» **Required work**: Leave out the pictures and restate the rest of the data exactly.

━━━ Extracted material ━━━

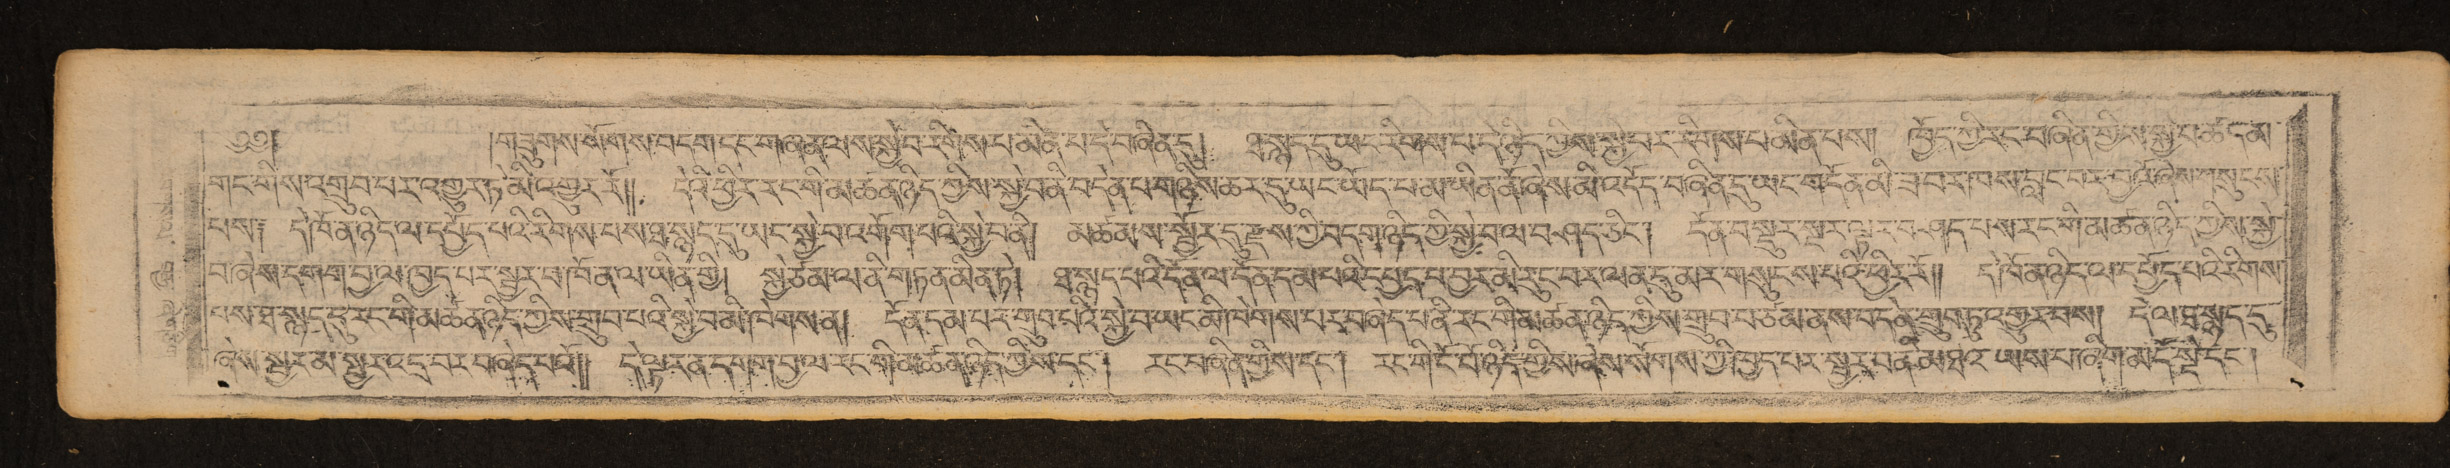༄༅། །གཟུགས་སོགས་བདག་དང་གཞན་ལས་སྐྱེ་བ་རིགས་པ་མིན་པ་དེ་བཞིན་དུ། ཐ་སྙད་དུ་ཡང་རིགས་པ་དེ་ཉིད་ཀྱིས་སྐྱེ་བར་རིགས་པ་མིན་པས། ཁྱོད་ཀྱི་རང་བཞིན་གྱིས་སྐྱེ་བ་ཚད་མ་
གང་གིས་འགྲུབ་པར་འགྱུར་ཏེ་མི་འགྱུར་རོ།། དེའི་ཕྱིར་རང་གི་མཚན་ཉིད་ཀྱིས་སྐྱེ་བ་ནི་བདེན་པ་གཉིས་ཆར་དུ་ཡང་ཡོད་པ་མ་ཡིན་ནོ་ཞེས་མི་འདོད་བཞིན་དུ་ཡང་གདོན་མི་ཟ་བར་ཁས་བླང་བར་བྱའོ་ཞེས་གསུངས་
པས༑ དེ་ཁོ་ན་ཉིད་ལ་དཔྱོད་པའི་རིགས་པས་ཐ་སྙད་དུ་ཡང་སྐྱེ་བ་འགོག་པའི་སྐྱེ་བ་ནི། མཚམས་སྦྱོར་དུ་རྫས་ཀྱི་བདག་ཉིད་ཀྱི་སྐྱེ་བ་ལ་བཤད་ཅིང་། དོན་བསྡུར་སྔར་ལྟར་བཤད་པས་རང་གི་མཚན་ཉིད་ཀྱིས་སྐྱེ་
བ་ཞེས་དགག་བྱ་ལ་ཁྱད་པར་སྦྱར་བ་ཁོ་ན་ལ་ཡིན་གྱི། སྐྱེ་ཙམ་ལ་ནི་གཏན་མིན་ཏེ། ཐ་སྙད་པའི་དོན་ལ་དོན་དམ་པའི་དཔྱད་པ་བྱར་མི་རུང་བར་ལན་དུ་མར་གསུངས་པའི་ཕྱིར་རོ།། དེ་ཁོ་ན་ཉིད་ལ་དཔྱོད་པའི་རིགས་
པས་ཐ་སྙད་དུ་རང་གི་མཚན་ཉིད་ཀྱིས་གྲུབ་པའི་སྐྱེ་བ་མི་ཁེགས་ན། དོན་དམ་པར་གྲུབ་པའི་སྐྱེ་བ་ཡང་མི་ཁེགས་པར་བཞེད་པ་ནི་རང་གི་མཚན་ཉིད་ཀྱིས་གྲུབ་པ་ཙམ་ནས་བདེན་གྲུབ་ཏུ་འགྱུར་བས། དེ་ལ་ཐ་སྙད་དུ་
ཞེས་སྦྱར་མ་སྦྱར་འདྲ་བར་བཞེད་པའོ།། དེ་ལྟར་ན་དགག་བྱ་ལ་རང་གི་མཚན་ཉིད་ཀྱིས་དང་། རང་བཞིན་གྱིས་དང་། རང་གི་ངོ་བོ་ཉིད་ཀྱིས་ཞེས་སོགས་ཀྱི་ཁྱད་པར་སྦྱར་བ་ནི་མཐའ་ཡས་པ་ཞིག་མདོ་སྡེ་དང་།

━━━

» **Answer for this exercise**:
༄༅། །གཟུགས་སོགས་བདག་དང་གཞན་ལས་སྐྱེ་བ་རིགས་པ་མིན་པ་དེ་བཞིན་དུ། ཐ་སྙད་དུ་ཡང་རིགས་པ་དེ་ཉིད་ཀྱིས་སྐྱེ་བར་རིགས་པ་མིན་པས། ཁྱོད་ཀྱི་རང་བཞིན་གྱིས་སྐྱེ་བ་ཚད་མ་
གང་གིས་འགྲུབ་པར་འགྱུར་ཏེ་མི་འགྱུར་རོ།། དེའི་ཕྱིར་རང་གི་མཚན་ཉིད་ཀྱིས་སྐྱེ་བ་ནི་བདེན་པ་གཉིས་ཆར་དུ་ཡང་ཡོད་པ་མ་ཡིན་ནོ་ཞེས་མི་འདོད་བཞིན་དུ་ཡང་གདོན་མི་ཟ་བར་ཁས་བླང་བར་བྱའོ་ཞེས་གསུངས་
པས༑ དེ་ཁོ་ན་ཉིད་ལ་དཔྱོད་པའི་རིགས་པས་ཐ་སྙད་དུ་ཡང་སྐྱེ་བ་འགོག་པའི་སྐྱེ་བ་ནི། མཚམས་སྦྱོར་དུ་རྫས་ཀྱི་བདག་ཉིད་ཀྱི་སྐྱེ་བ་ལ་བཤད་ཅིང་། དོན་བསྡུར་སྔར་ལྟར་བཤད་པས་རང་གི་མཚན་ཉིད་ཀྱིས་སྐྱེ་
བ་ཞེས་དགག་བྱ་ལ་ཁྱད་པར་སྦྱར་བ་ཁོ་ན་ལ་ཡིན་གྱི། སྐྱེ་ཙམ་ལ་ནི་གཏན་མིན་ཏེ། ཐ་སྙད་པའི་དོན་ལ་དོན་དམ་པའི་དཔྱད་པ་བྱར་མི་རུང་བར་ལན་དུ་མར་གསུངས་པའི་ཕྱིར་རོ།། དེ་ཁོ་ན་ཉིད་ལ་དཔྱོད་པའི་རིགས་
པས་ཐ་སྙད་དུ་རང་གི་མཚན་ཉིད་ཀྱིས་གྲུབ་པའི་སྐྱེ་བ་མི་ཁེགས་ན། དོན་དམ་པར་གྲུབ་པའི་སྐྱེ་བ་ཡང་མི་ཁེགས་པར་བཞེད་པ་ནི་རང་གི་མཚན་ཉིད་ཀྱིས་གྲུབ་པ་ཙམ་ནས་བདེན་གྲུབ་ཏུ་འགྱུར་བས། དེ་ལ་ཐ་སྙད་དུ་
ཞེས་སྦྱར་མ་སྦྱར་འདྲ་བར་བཞེད་པའོ།། དེ་ལྟར་ན་དགག་བྱ་ལ་རང་གི་མཚན་ཉིད་ཀྱིས་དང་། རང་བཞིན་གྱིས་དང་། རང་གི་ངོ་བོ་ཉིད་ཀྱིས་ཞེས་སོགས་ཀྱི་ཁྱད་པར་སྦྱར་བ་ནི་མཐའ་ཡས་པ་ཞིག་མདོ་སྡེ་དང་།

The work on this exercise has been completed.